§ **Your assignment**: Set down the line that has "Q: Width (condensed, normal, or" and each line beneath it, through the last line of the entries, exactly and with no others.

Saved entries:

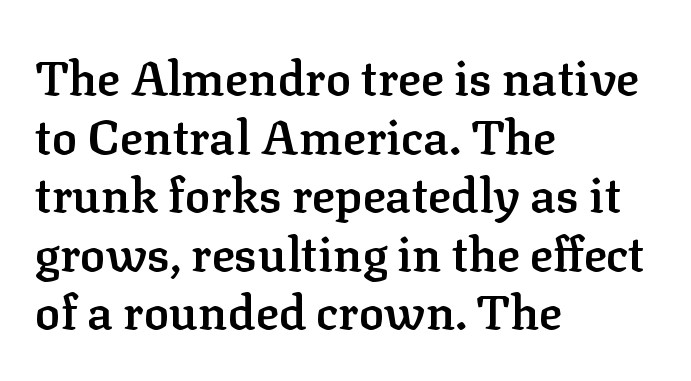
Q: Is the text bold? A: Semi-bold.
Q: Is the text italic (slanted)? A: No, it is upright.
Q: Is the typeface a serif or a sans-serif typeface? A: Serif.
Q: Is the text underlined? A: No.
Q: How is the paragraph aligned? A: Left-aligned.
Q: Is the spacing between letters normal or unusually wide? A: Normal.
Q: Width (condensed, normal, or wide)? A: Normal.
Q: Stroke contrast? A: Low.
Q: x-height? A: Medium.
Q: Monospaced? A: No.

§ **Response below**:
Q: Width (condensed, normal, or wide)? A: Normal.
Q: Stroke contrast? A: Low.
Q: x-height? A: Medium.
Q: Monospaced? A: No.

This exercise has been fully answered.